## [THE TASK]
Copy the entries below verbatim, omitting any pictures they contain.

Extracted records:
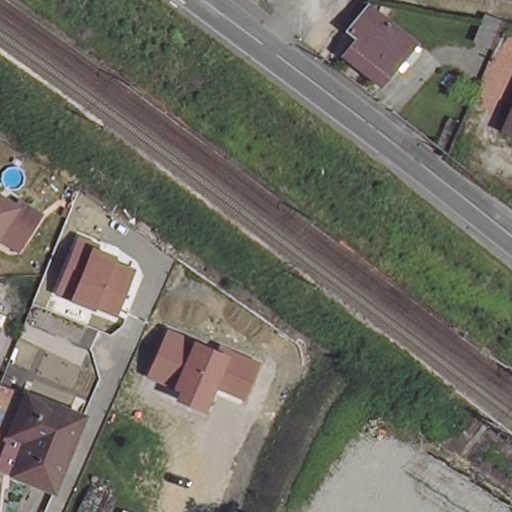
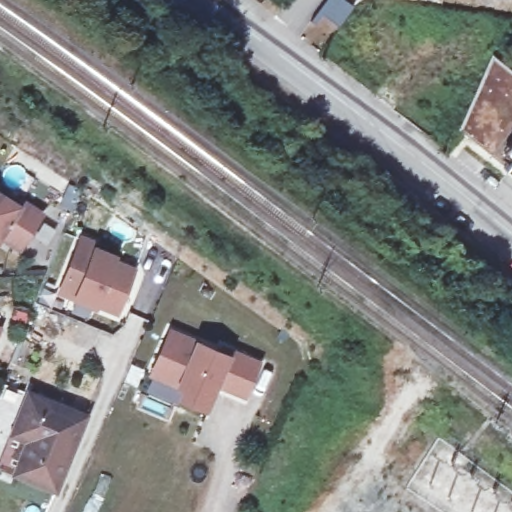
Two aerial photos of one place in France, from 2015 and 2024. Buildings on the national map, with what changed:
new [(336,29),(324,18),(315,29),(307,21),(324,0),(338,0),(352,11),(336,29)]
demolished [(385,84),(343,54),(356,37),(350,32),(348,30),(367,9),(393,29),(414,45),(385,84)]
new [(512,70),(512,173),(502,165),(460,129),(492,54),(512,70)]
demolished [(505,135),(512,117),(512,138),(505,135)]
unchanged [(20,201),(41,214),(28,235),(22,230),(13,245),(0,236),(0,194),(17,205),(20,201)]
unchanged [(78,236),(101,245),(100,249),(118,257),(116,263),(135,270),(117,315),(55,293),(78,236)]
unchanged [(168,328),(216,350),(218,345),(261,363),(246,401),(219,388),(208,412),(175,400),(179,392),(146,377),(168,328)]
unchanged [(13,432),(30,391),(85,413),(80,426),(85,428),(82,432),(78,431),(55,486),(15,470),(0,464),(13,432)]
demolished [(361,461),(345,450),(341,447),(359,422),(377,435),(361,461)]

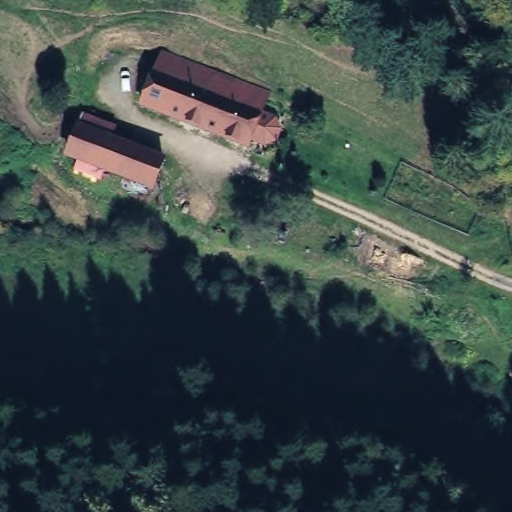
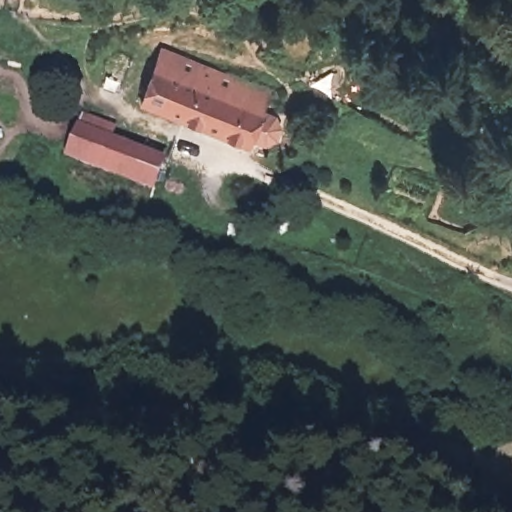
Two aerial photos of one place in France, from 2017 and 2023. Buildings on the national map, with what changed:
unchanged [(161,45),(230,75),(221,91),(153,67),(161,45)]
unchanged [(221,91),(230,75),(270,91),(245,145),(136,105),(153,67),(221,91)]
unchanged [(157,191),(67,159),(86,115),(115,125),(112,136),(166,157),(157,191)]

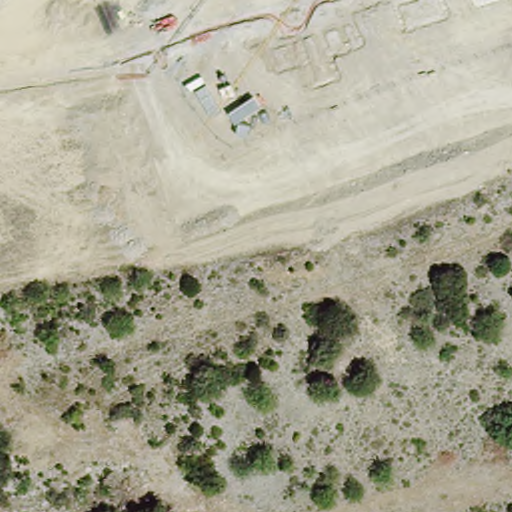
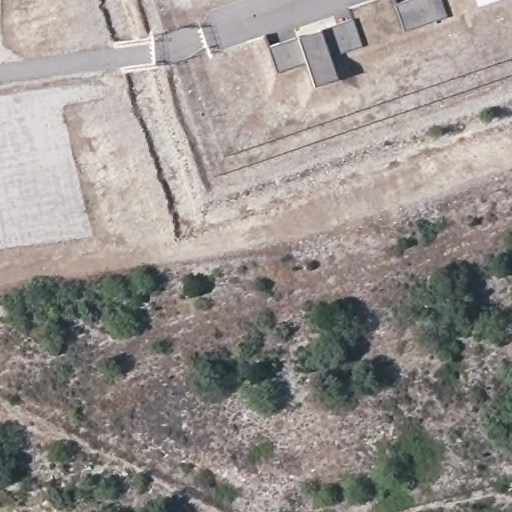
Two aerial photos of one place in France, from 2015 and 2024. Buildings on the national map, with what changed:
new [(446,15),(402,30),(393,4),(404,0),(441,0),(446,15)]
new [(478,6),(475,0),(494,0),(478,6)]
new [(359,44),(328,53),(336,77),(312,85),(304,60),(275,71),(266,45),(351,16),(359,44)]

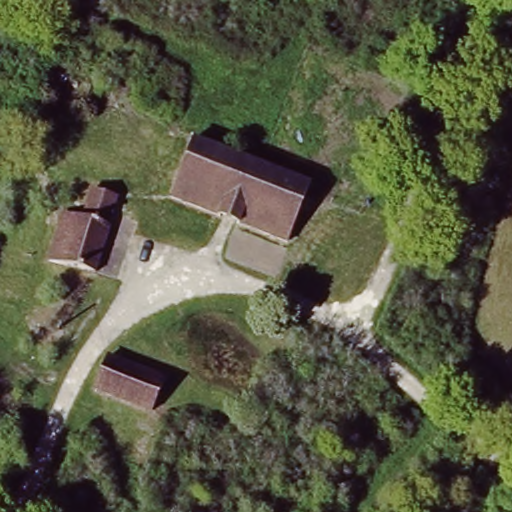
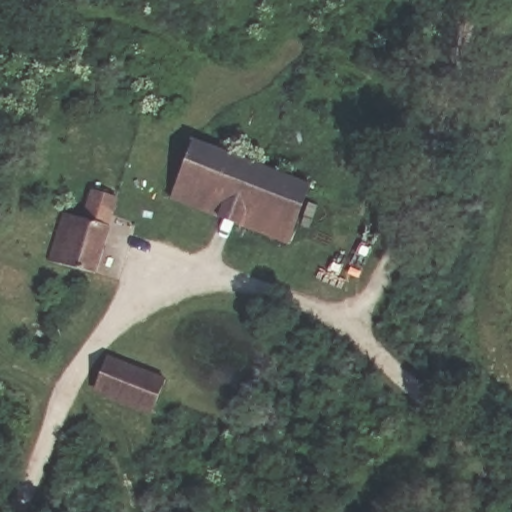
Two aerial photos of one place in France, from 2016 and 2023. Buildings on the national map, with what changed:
unchanged [(192,145),(308,183),(290,243),(171,205),(192,145)]
unchanged [(67,213),(87,217),(96,185),(115,201),(97,272),(79,266),(76,278),(61,273),(64,262),(56,260),(67,213)]
unchanged [(150,415),(95,390),(112,353),(166,375),(150,415)]

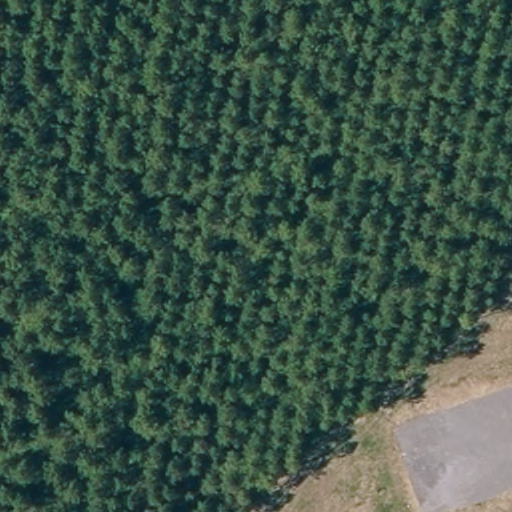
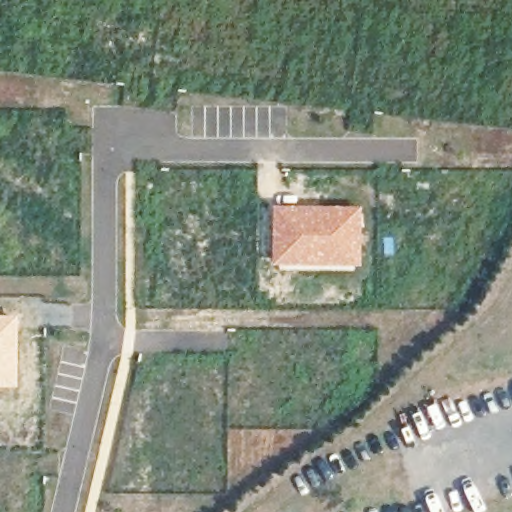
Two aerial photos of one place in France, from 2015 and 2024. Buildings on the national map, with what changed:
new [(272,206),(362,206),(361,267),(271,267),(272,206)]
new [(17,388),(0,388),(0,316),(18,316),(17,388)]

## [OUTPUT FOR THIS TASK]
Two aerial photos of one place in France, from 2015 and 2024. Buildings on the national map, with what changed:
new [(336,29),(324,18),(315,29),(307,21),(324,0),(338,0),(352,11),(336,29)]
demolished [(385,84),(343,54),(356,37),(350,32),(348,30),(367,9),(393,29),(414,45),(385,84)]
new [(512,70),(512,173),(502,165),(460,129),(492,54),(512,70)]
demolished [(505,135),(512,117),(512,138),(505,135)]
unchanged [(20,201),(41,214),(28,235),(22,230),(13,245),(0,236),(0,194),(17,205),(20,201)]
unchanged [(78,236),(101,245),(100,249),(118,257),(116,263),(135,270),(117,315),(55,293),(78,236)]
unchanged [(168,328),(216,350),(218,345),(261,363),(246,401),(219,388),(208,412),(175,400),(179,392),(146,377),(168,328)]
unchanged [(13,432),(30,391),(85,413),(80,426),(85,428),(82,432),(78,431),(55,486),(15,470),(0,464),(13,432)]
demolished [(361,461),(345,450),(341,447),(359,422),(377,435),(361,461)]

Two aerial photos of one place in France, from 2017 and 2023. Buildings on the national map, with what changed:
unchanged [(161,45),(230,75),(221,91),(153,67),(161,45)]
unchanged [(221,91),(230,75),(270,91),(245,145),(136,105),(153,67),(221,91)]
unchanged [(157,191),(67,159),(86,115),(115,125),(112,136),(166,157),(157,191)]

Two aerial photos of one place in France, from 2015 and 2024. Buildings on the national map, with what changed:
new [(446,15),(402,30),(393,4),(404,0),(441,0),(446,15)]
new [(478,6),(475,0),(494,0),(478,6)]
new [(359,44),(328,53),(336,77),(312,85),(304,60),(275,71),(266,45),(351,16),(359,44)]

Two aerial photos of one place in France, from 2016 and 2023. Buildings on the national map, with what changed:
unchanged [(192,145),(308,183),(290,243),(171,205),(192,145)]
unchanged [(67,213),(87,217),(96,185),(115,201),(97,272),(79,266),(76,278),(61,273),(64,262),(56,260),(67,213)]
unchanged [(150,415),(95,390),(112,353),(166,375),(150,415)]

Two aerial photos of one place in France, from 2015 and 2024. Buildings on the national map, with what changed:
new [(272,206),(362,206),(361,267),(271,267),(272,206)]
new [(17,388),(0,388),(0,316),(18,316),(17,388)]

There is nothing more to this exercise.